Court of Appeal rules Rwanda policy unlawful

By Law News
The Court of Appeal of England and Wales ruled on 29 June that the UK Home Secretary's Rwanda removals process is unlawful on grounds of safety and that sending anyone to Rwanda would breach Article 3 of the European Convention on Human Rights
It concluded the High Court’s judgment was wrong on key points and recognised deficiencies around the short-cut process but did not find the process unlawful. Asylum Aid, represented by Leigh Day, is carefully considering an appeal on this point.
Asylum Aid appealed against a High Court ruling last year that the short-cut process to decide whether to remove asylum seekers to Rwanda under the Migration and Economic Development Partnership is fair.
Asylum Aid argued that process adopted by the Home Office was so unfair it rendered it unlawful. The charity said that the time limits of seven days for asylum seekers in detention to make representations on why they should not be sent to Rwanda, was obviously too short. Asylum Aid also argued people needed enough time to access lawyers.
In its ruling the Court of Appeal accepted that seven days would not be enough time in the majority of cases. It also accepted that the High Court was wrong to conclude that people did not need to be given enough time to make representations on why Rwanda was generally unsafe and wrong to say they did not need to have access to lawyers. But the court found the policy was not inherently unfair. It said the Home Secretary needed to publish a policy explaining that extensions should be granted where fairness required it. The court also commented that given the decision on safety, no removals would be proceeding for some time.
The Court of Appeal said: “There may be cases where a decision is fair even where there has been no access to legal assistance, but they are likely to be exceptional. As we have seen, the Secretary of State does not contend otherwise and it is her policy to ensure that legal assistance is indeed available.”
The Court of Appeal went on to say: “The evidence clearly establishes, and it is in any event obvious as a matter of common sense and experience, that in many cases it will indeed be impossible for claimants to submit effective representations within seven days of receipt of a Notice of Intent, even if they have ready access to legal assistance and only wish to make representations on matters specific to their particular circumstances.”
But it went on to say that this will not necessarily be impossible in every case.
The court therefore found that the focus needed to be on the Secretary of State’s policy of flexibility.
It found that it is not good enough that that policy is not formally published in the form of guidance to caseworkers nor referred to in the Notice of Intent.

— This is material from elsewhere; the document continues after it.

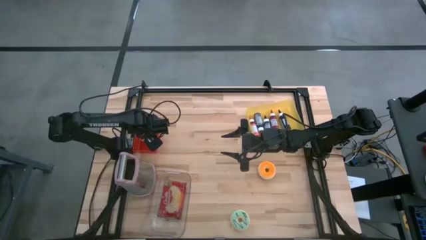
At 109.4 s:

It said: “Claimants and their advisers need to know that the seven-day timetable can be extended where that is shown to be necessary in the interests of fairness. It is important that the guidance makes it clear that the seven-day period should not be treated as a norm and that the grant of extensions is not necessarily exceptional. It may be that if experience shows that extensions are required in a very large number of cases, the Secretary of State might wish to consider providing for a rather longer base-line period; but that must be a matter for her.”